I enter into night, into quiet, into His presence through total darkness. I leave behind what I've crafted as truth, what I cling to as distraction...and slog through not even seeing the hand in front of my face, not even knowing what the hell I'm doing.

Which is the way it should be.

I want to leave behind the way things have been, I want a new thing. I want to find a dwelling place and immerse myself in it. Not in work, or perfection, or beauty, or love. But this unlike thing, this quiet where He waits.

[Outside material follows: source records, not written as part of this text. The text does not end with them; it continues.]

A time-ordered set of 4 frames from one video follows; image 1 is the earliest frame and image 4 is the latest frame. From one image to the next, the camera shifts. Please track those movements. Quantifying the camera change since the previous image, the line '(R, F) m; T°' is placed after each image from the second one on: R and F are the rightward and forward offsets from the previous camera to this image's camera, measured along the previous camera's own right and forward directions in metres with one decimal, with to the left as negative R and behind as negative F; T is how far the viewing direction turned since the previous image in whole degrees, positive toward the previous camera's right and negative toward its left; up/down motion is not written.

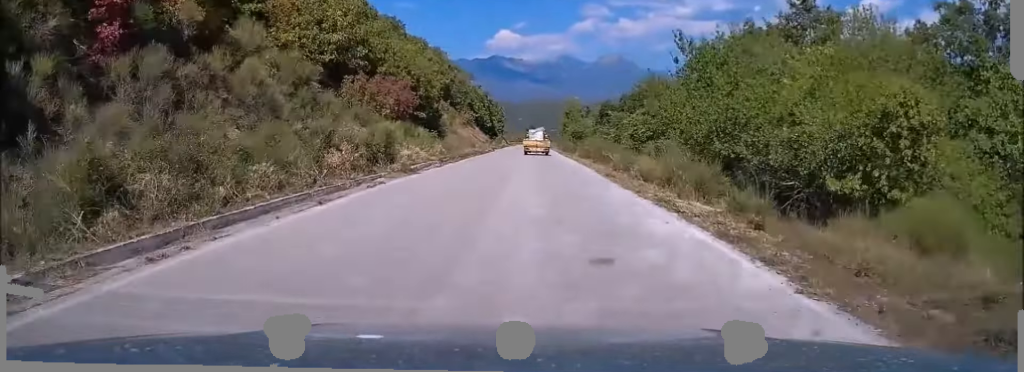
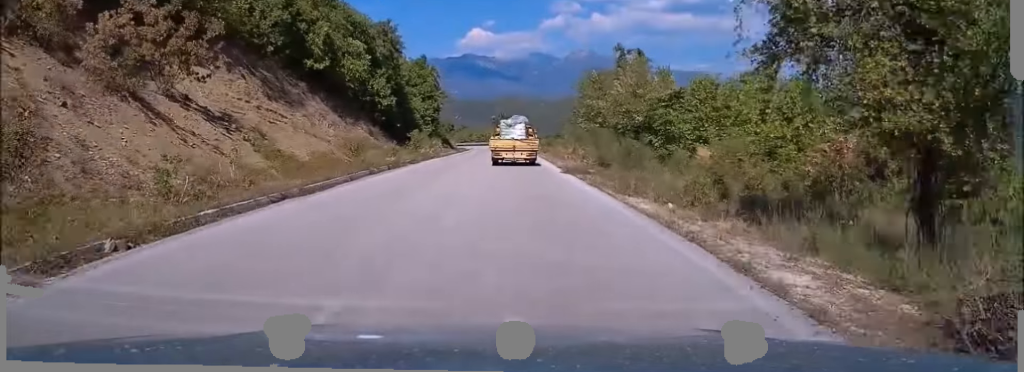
(+4.5, +90.1) m; +4°
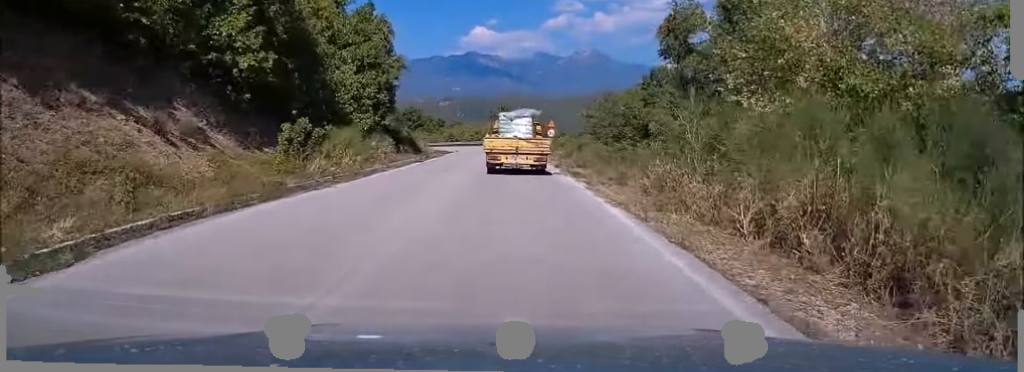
(+0.2, +31.5) m; 0°
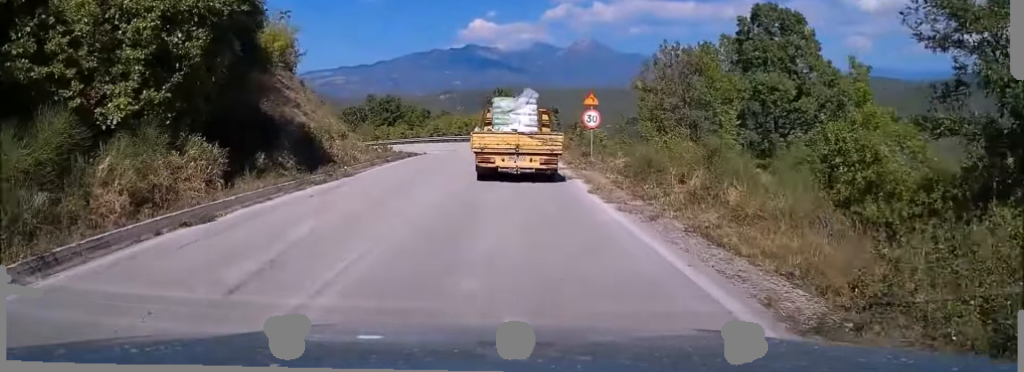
(-0.1, +25.7) m; -1°

So as most things of the spiritual life are, I first have to realize that I can't make silence happen, I can't create stillness, I often tease myself into thinking that if I just made a space or read a book or lit the right candle I'd find quiet.

I have to shed it all, I have to enter in and slowly watch as what is familiar and comforting slips from my shoulders.


But then there's this: as I stand at the cave's entrance--at a precipice of darkness and unknown and cling to this: at the darkest point comes the dawn. When I cannot see to the point that I've forgotten what's in front of me...there He is, there Love is.

It's not a stepping off place, it's a stepping within.